◆ **PROBLEM REQUIREMENTS**: An exact reproduction of the listing is wanted, with the pictures dropped.
**** MATERIALS PROVIDED
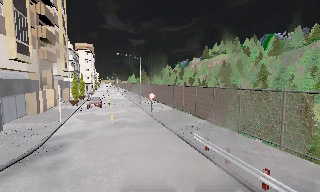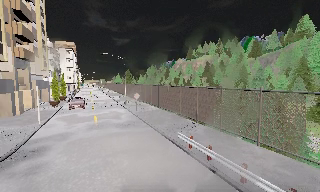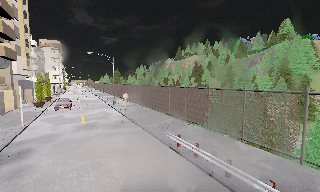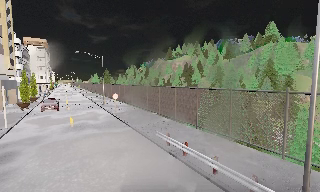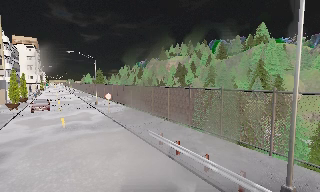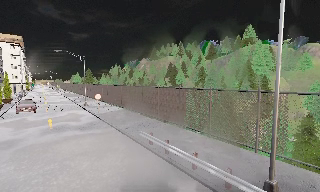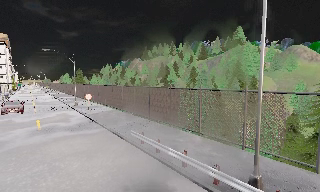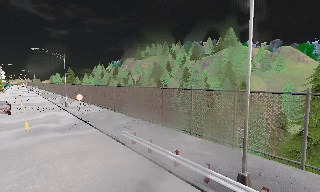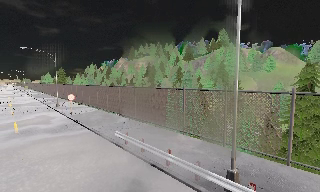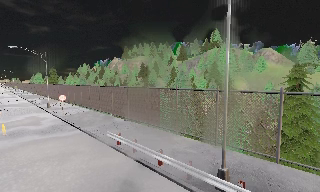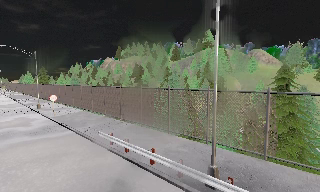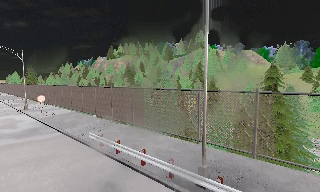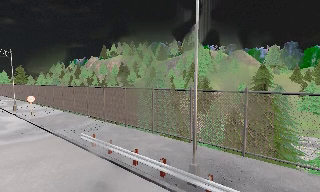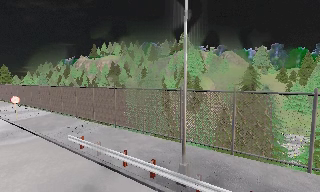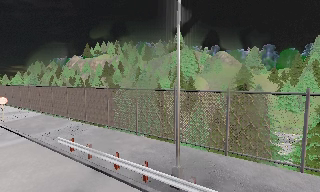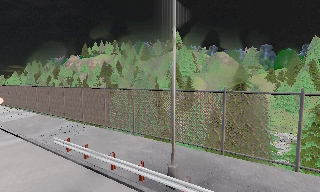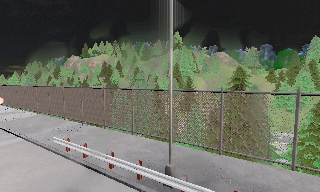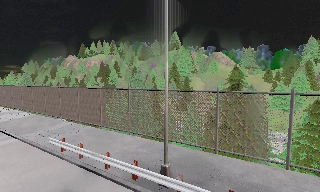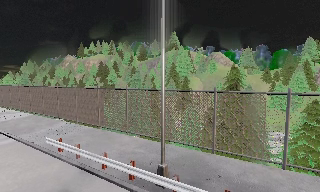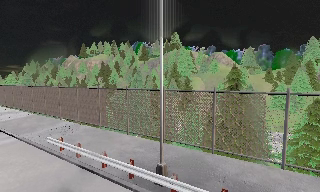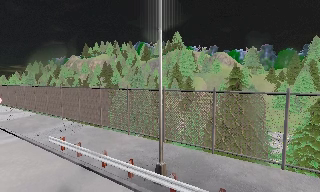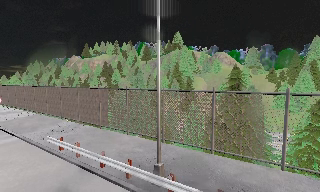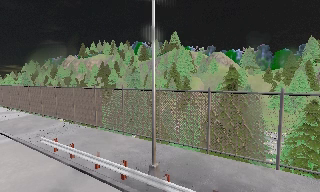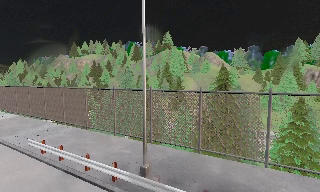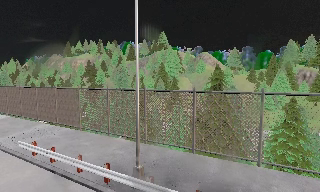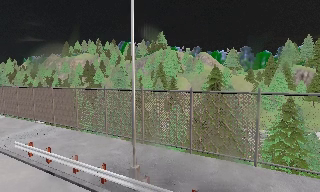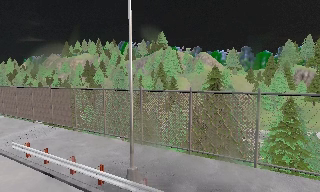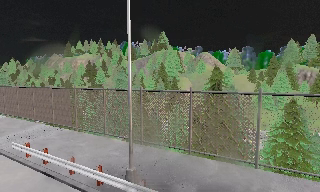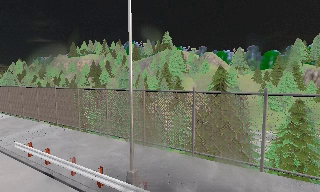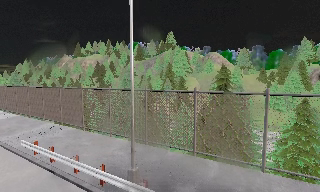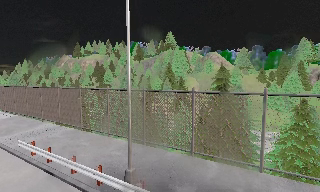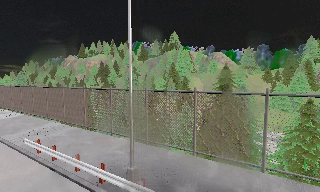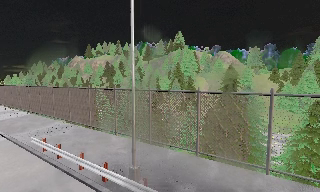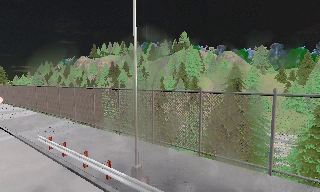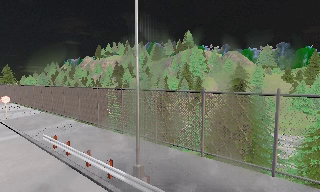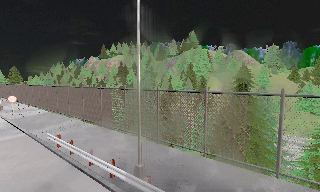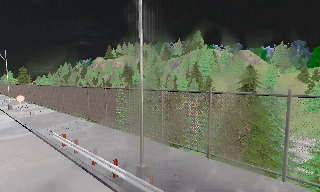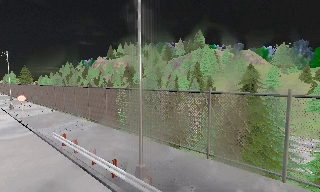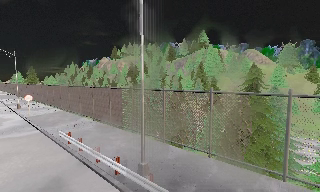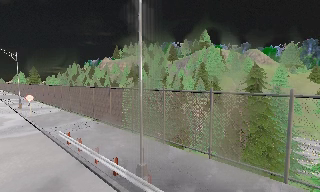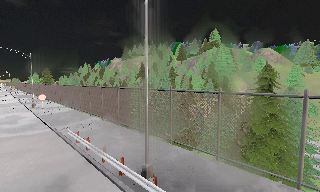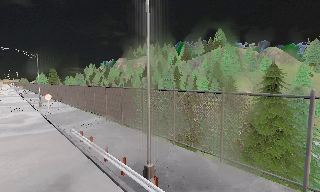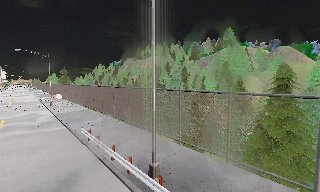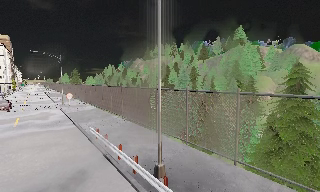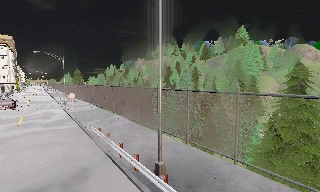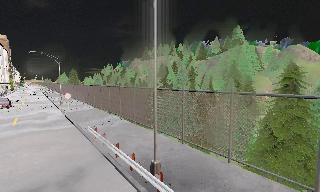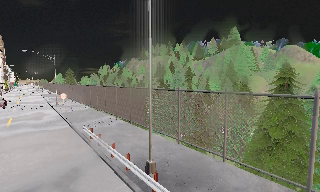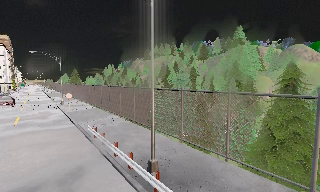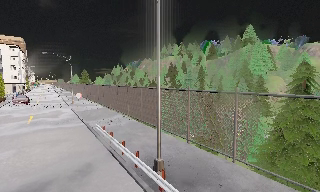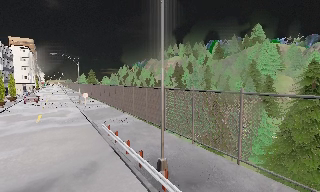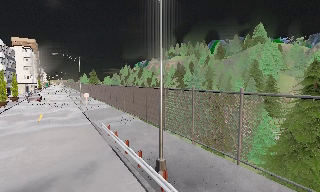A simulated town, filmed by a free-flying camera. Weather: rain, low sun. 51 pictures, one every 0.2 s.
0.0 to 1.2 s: The camera pans to its right, which is clockwise from overhead, by about 20 degrees. It travels backward, about 0.5 m, so what stands in front gets smaller.
1.2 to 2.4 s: The camera pans to its right, which is clockwise from overhead, by about 15 degrees.
2.4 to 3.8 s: The camera travels to its right, about 0.5 m, so close, fixed things drift to the left.
3.8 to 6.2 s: The camera travels to its right, about 1 m, so close, fixed things drift to the left.
6.2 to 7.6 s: The camera travels to its right, about 0.5 m.
7.6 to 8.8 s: The scene slides to the right, as the camera pans about 10 degrees to its left.
8.8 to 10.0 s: The camera shifts only a little, or ends up much as it began.
The film runs backward here.
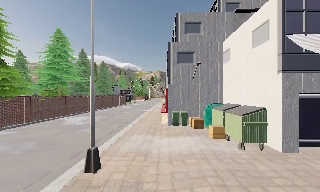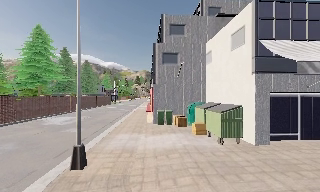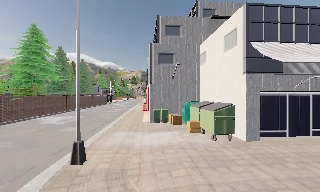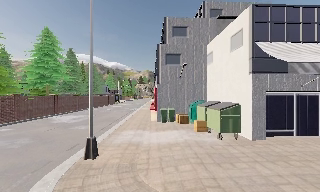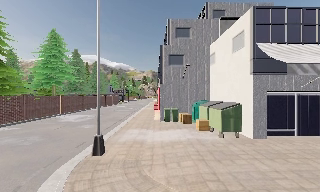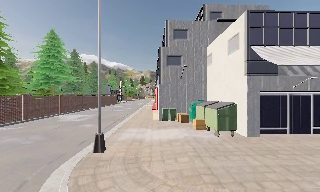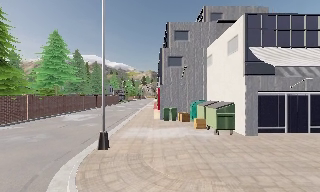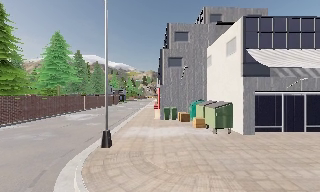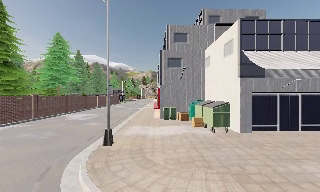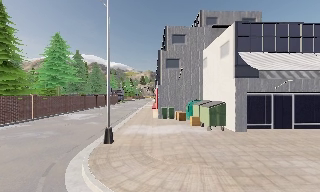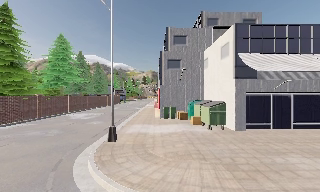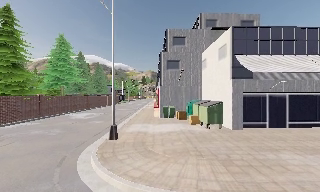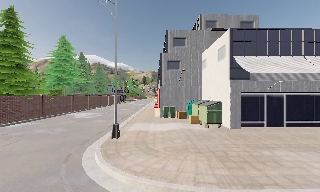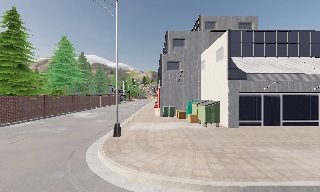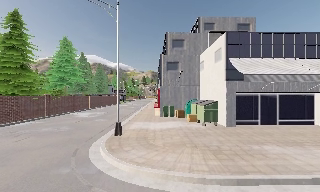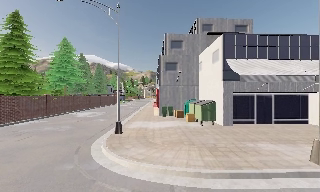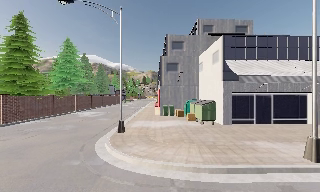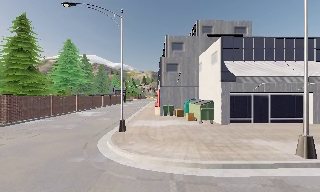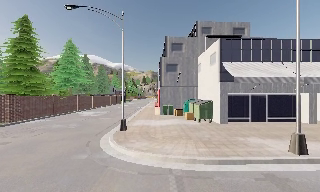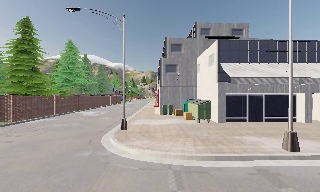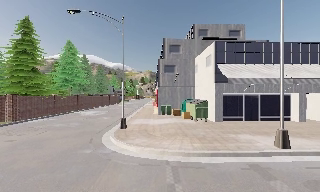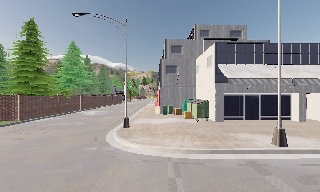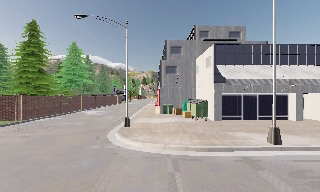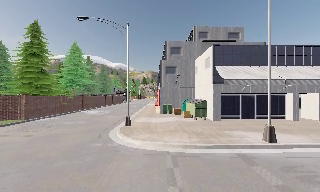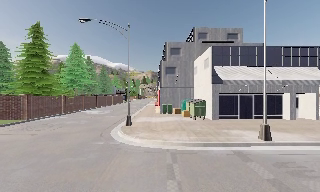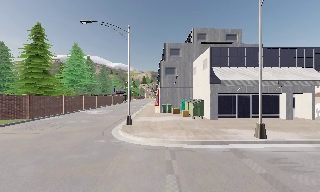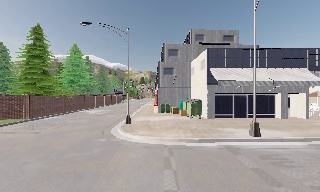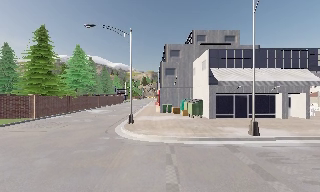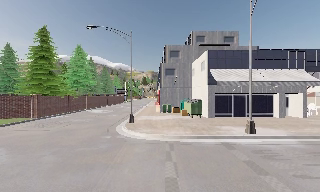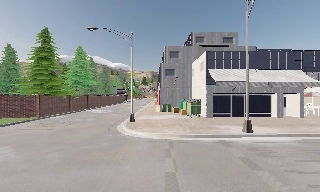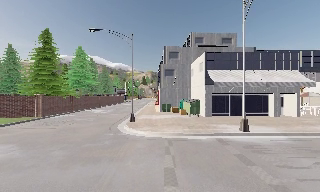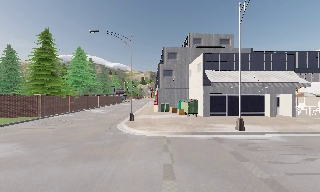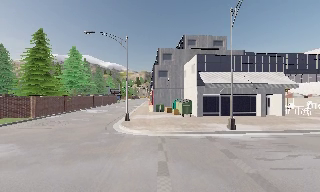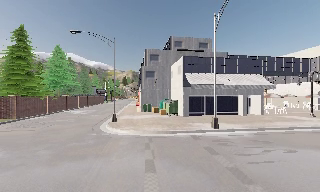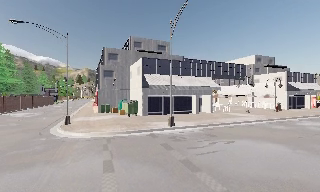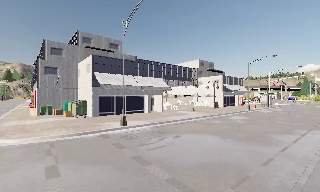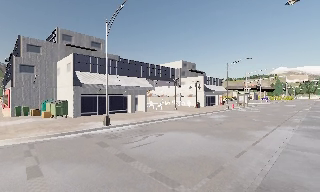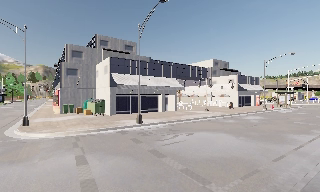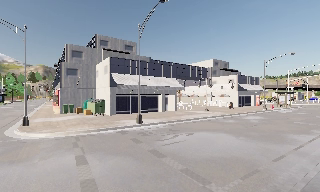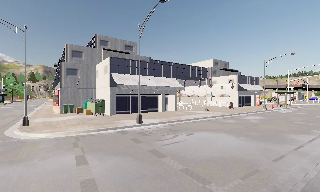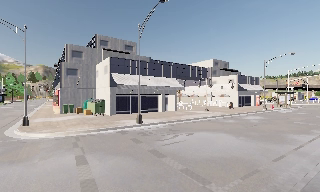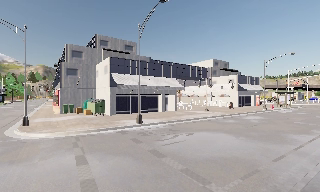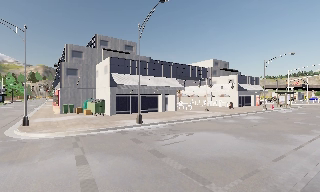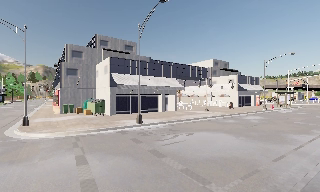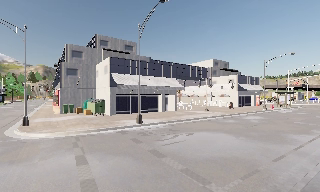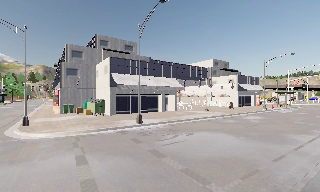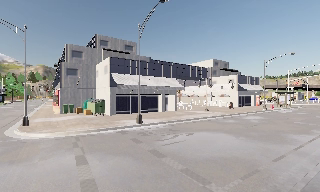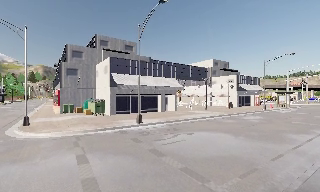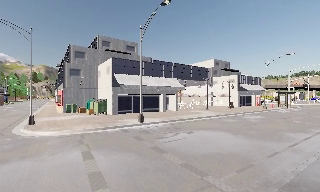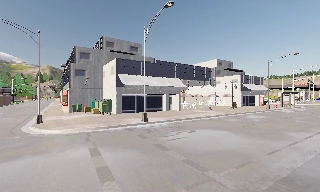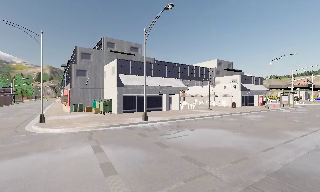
********
◆ **OUTPUT FOR THIS TASK**:
A simulated town, filmed by a free-flying camera. Weather: rain, low sun. 51 pictures, one every 0.2 s.
0.0 to 1.2 s: The camera pans to its right, which is clockwise from overhead, by about 20 degrees. It travels backward, about 0.5 m, so what stands in front gets smaller.
1.2 to 2.4 s: The camera pans to its right, which is clockwise from overhead, by about 15 degrees.
2.4 to 3.8 s: The camera travels to its right, about 0.5 m, so close, fixed things drift to the left.
3.8 to 6.2 s: The camera travels to its right, about 1 m, so close, fixed things drift to the left.
6.2 to 7.6 s: The camera travels to its right, about 0.5 m.
7.6 to 8.8 s: The scene slides to the right, as the camera pans about 10 degrees to its left.
8.8 to 10.0 s: The camera shifts only a little, or ends up much as it began.
The film runs backward here.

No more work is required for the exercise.